## Exercise details
Output each record below exactly as it stands, leaving out the pictures.

## The input

######

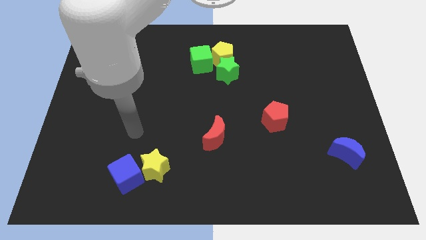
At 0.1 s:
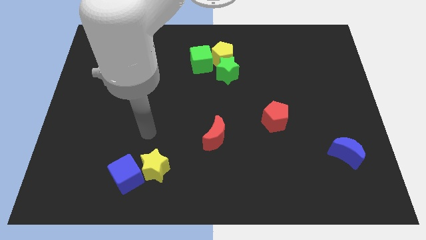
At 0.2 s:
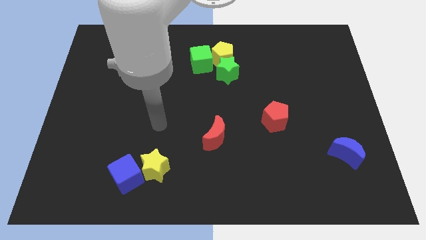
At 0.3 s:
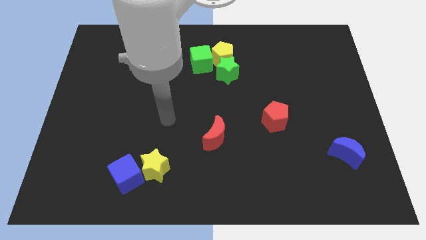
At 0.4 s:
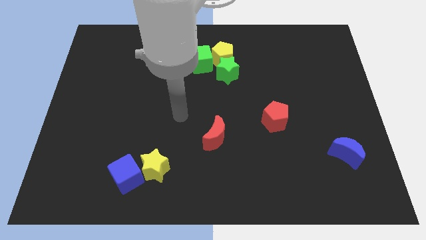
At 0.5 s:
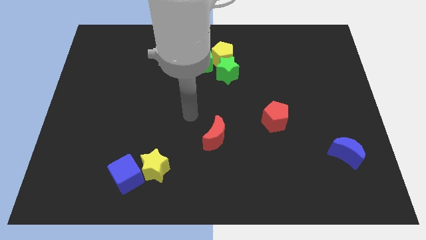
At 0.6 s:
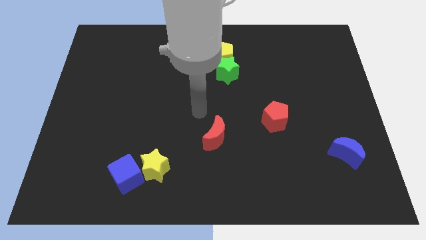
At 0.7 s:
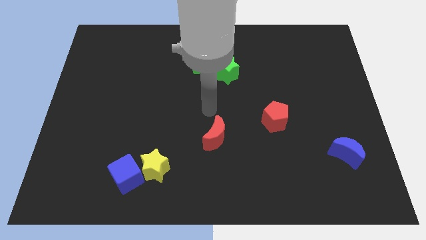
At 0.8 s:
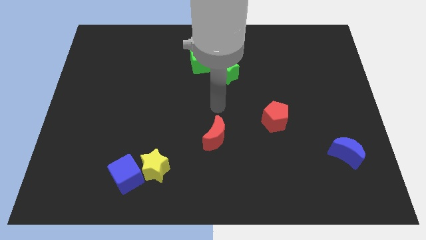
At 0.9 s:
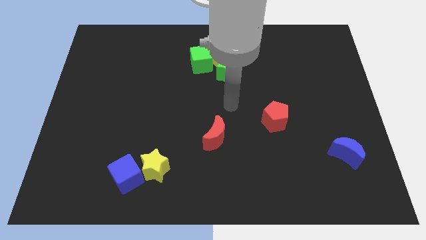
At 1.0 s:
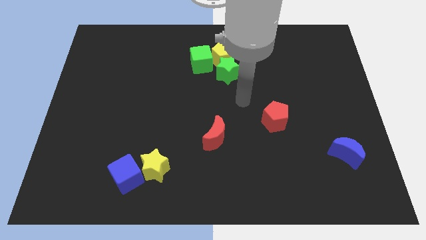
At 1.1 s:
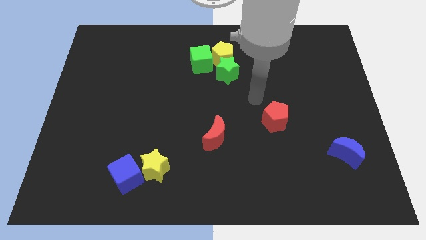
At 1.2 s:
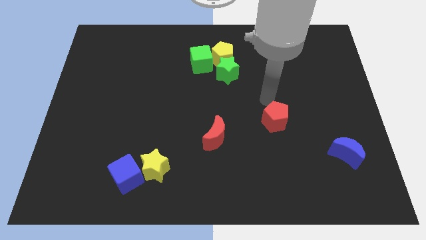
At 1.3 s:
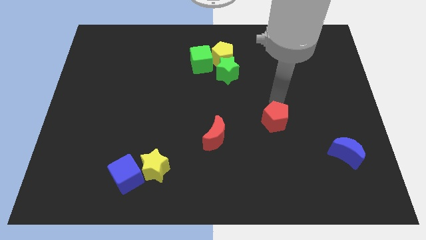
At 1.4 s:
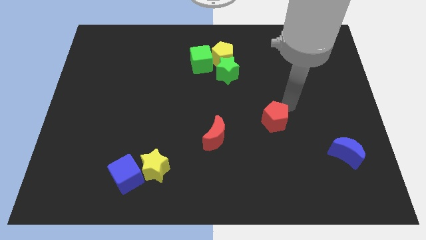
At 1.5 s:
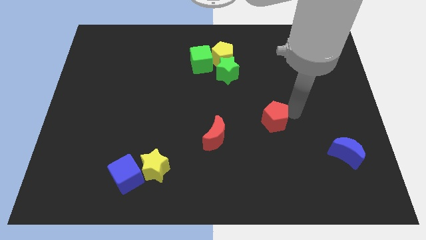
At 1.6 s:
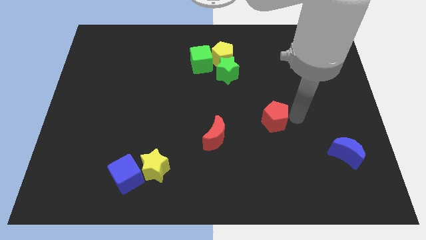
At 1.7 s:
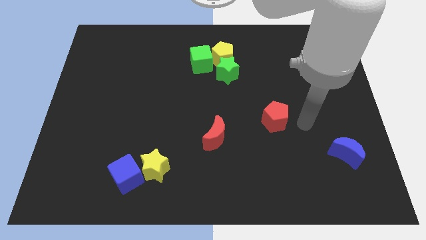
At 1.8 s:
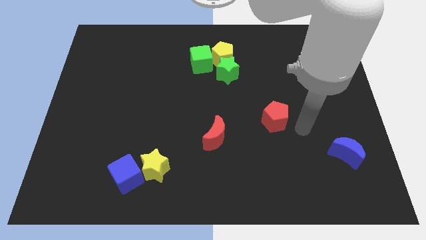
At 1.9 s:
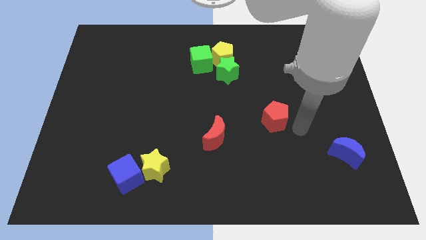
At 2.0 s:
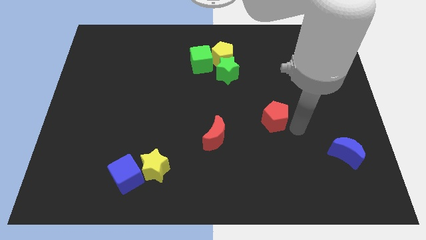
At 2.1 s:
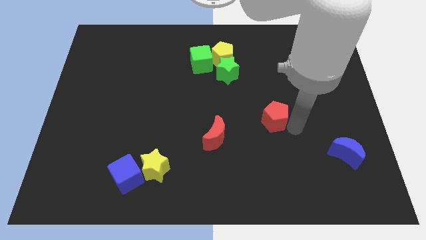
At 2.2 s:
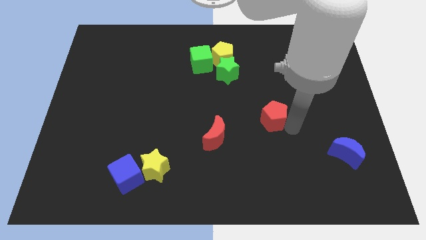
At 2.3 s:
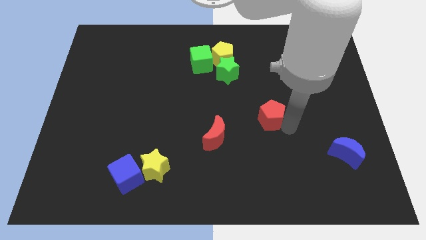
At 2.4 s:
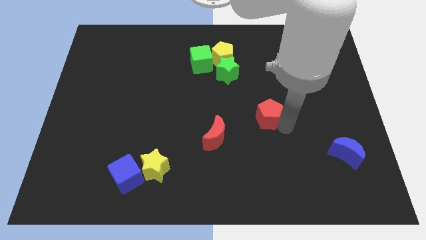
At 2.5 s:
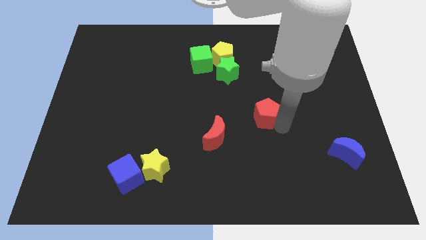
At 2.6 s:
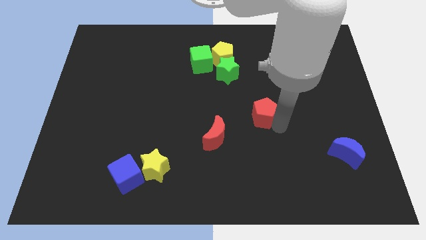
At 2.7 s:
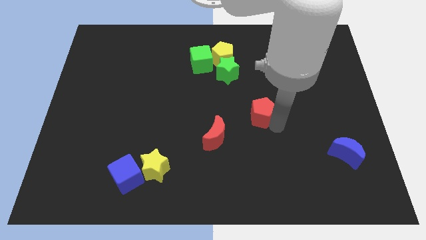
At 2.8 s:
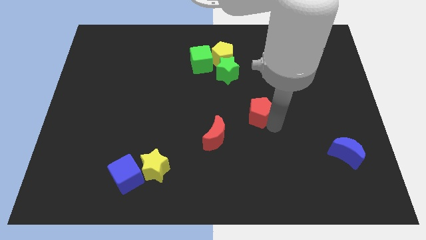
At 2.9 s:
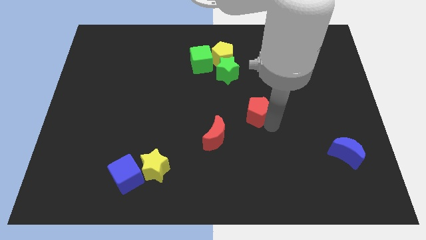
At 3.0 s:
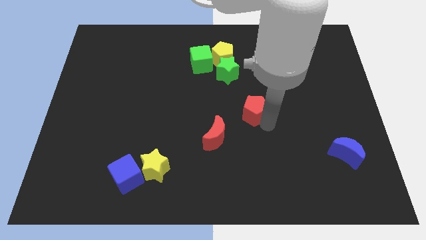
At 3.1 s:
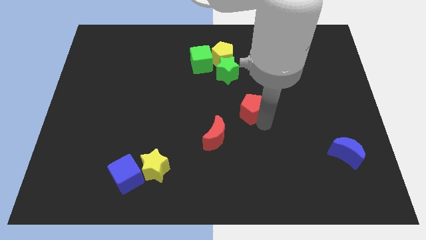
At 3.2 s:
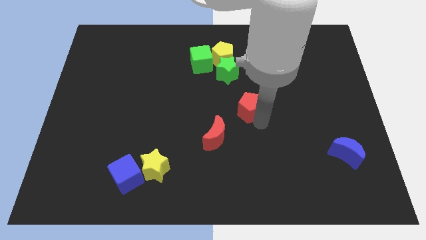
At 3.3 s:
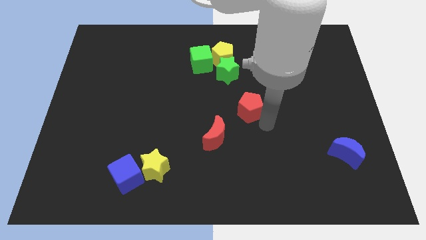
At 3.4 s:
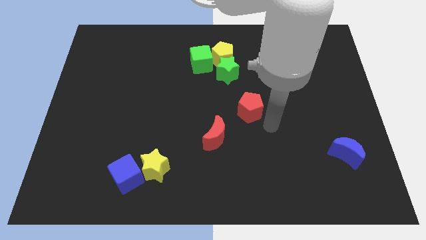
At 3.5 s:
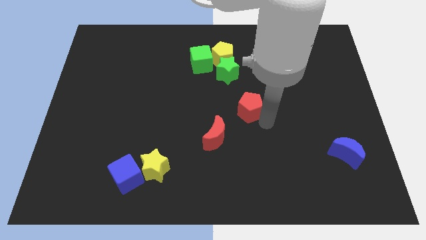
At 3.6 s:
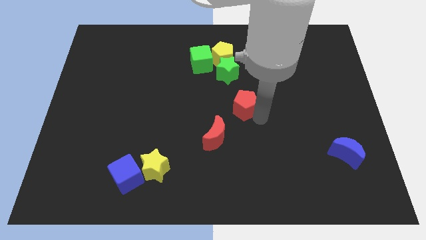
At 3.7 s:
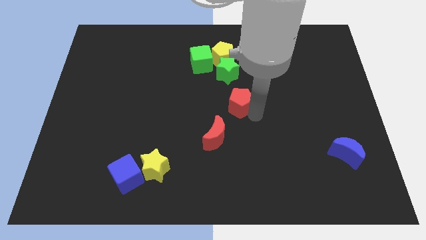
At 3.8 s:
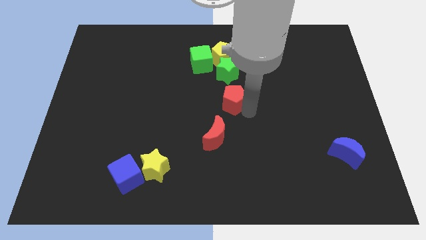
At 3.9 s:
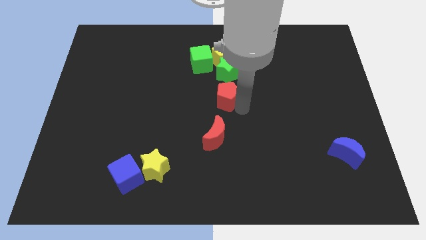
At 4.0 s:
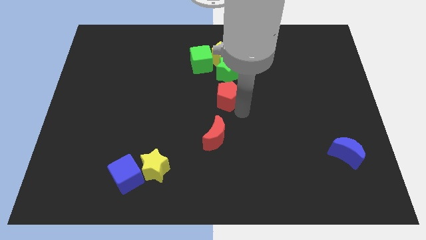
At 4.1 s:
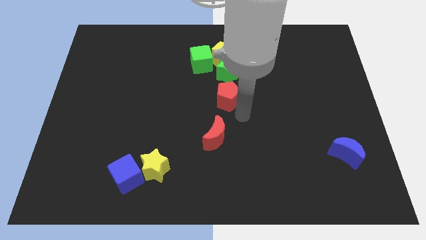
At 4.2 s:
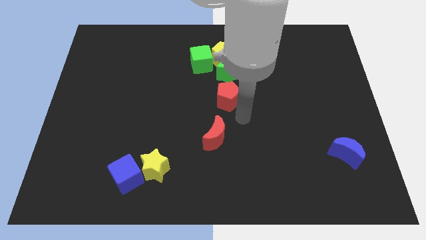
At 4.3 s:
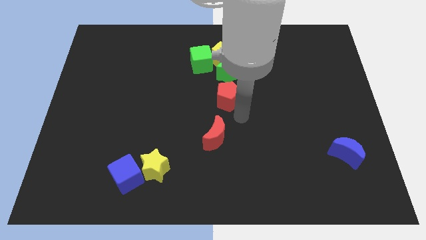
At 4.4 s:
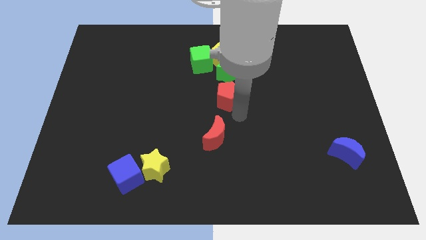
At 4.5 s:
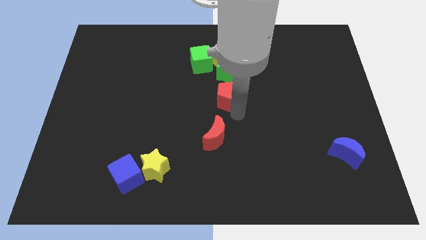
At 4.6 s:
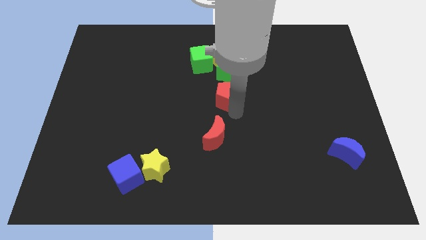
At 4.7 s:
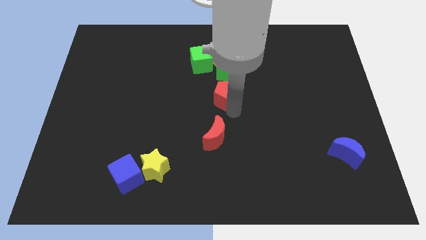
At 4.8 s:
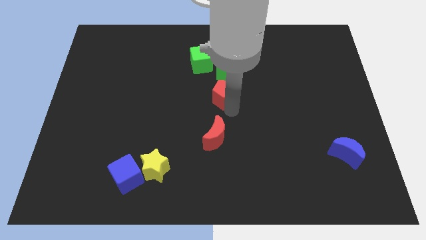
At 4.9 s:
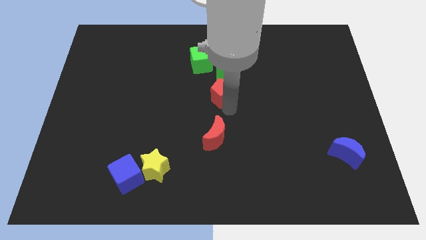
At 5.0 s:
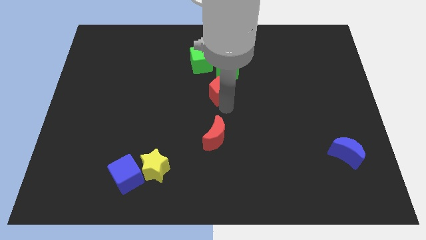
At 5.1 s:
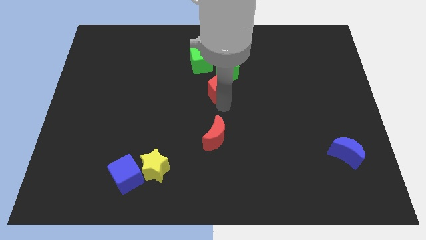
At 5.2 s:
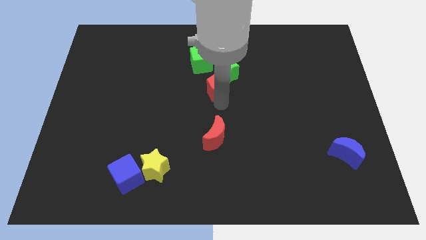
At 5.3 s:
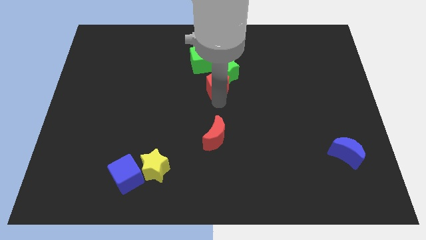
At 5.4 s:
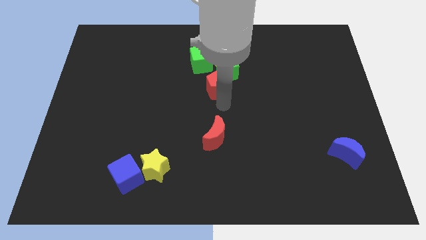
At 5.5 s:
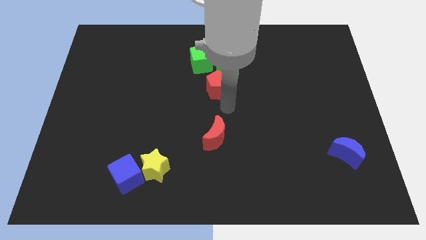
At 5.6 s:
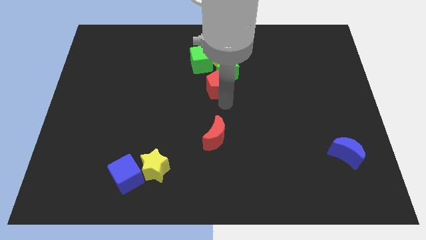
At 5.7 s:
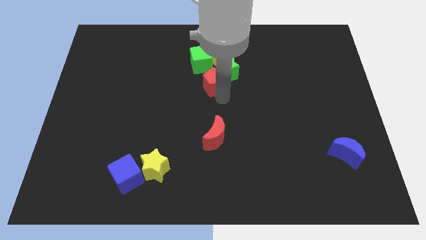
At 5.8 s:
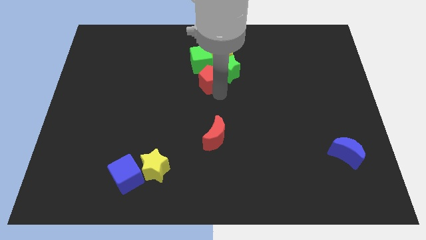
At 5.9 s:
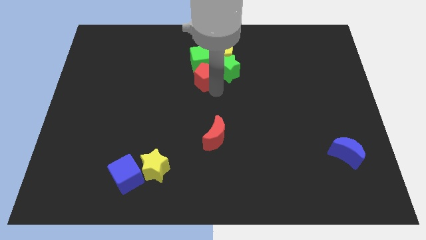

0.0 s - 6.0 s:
push the red pentagon to the green cube

######

## Problem solution
At 0.1 s:
At 0.2 s:
At 0.3 s:
At 0.4 s:
At 0.5 s:
At 0.6 s:
At 0.7 s:
At 0.8 s:
At 0.9 s:
At 1.0 s:
At 1.1 s:
At 1.2 s:
At 1.3 s:
At 1.4 s:
At 1.5 s:
At 1.6 s:
At 1.7 s:
At 1.8 s:
At 1.9 s:
At 2.0 s:
At 2.1 s:
At 2.2 s:
At 2.3 s:
At 2.4 s:
At 2.5 s:
At 2.6 s:
At 2.7 s:
At 2.8 s:
At 2.9 s:
At 3.0 s:
At 3.1 s:
At 3.2 s:
At 3.3 s:
At 3.4 s:
At 3.5 s:
At 3.6 s:
At 3.7 s:
At 3.8 s:
At 3.9 s:
At 4.0 s:
At 4.1 s:
At 4.2 s:
At 4.3 s:
At 4.4 s:
At 4.5 s:
At 4.6 s:
At 4.7 s:
At 4.8 s:
At 4.9 s:
At 5.0 s:
At 5.1 s:
At 5.2 s:
At 5.3 s:
At 5.4 s:
At 5.5 s:
At 5.6 s:
At 5.7 s:
At 5.8 s:
At 5.9 s:

0.0 s - 6.0 s:
push the red pentagon to the green cube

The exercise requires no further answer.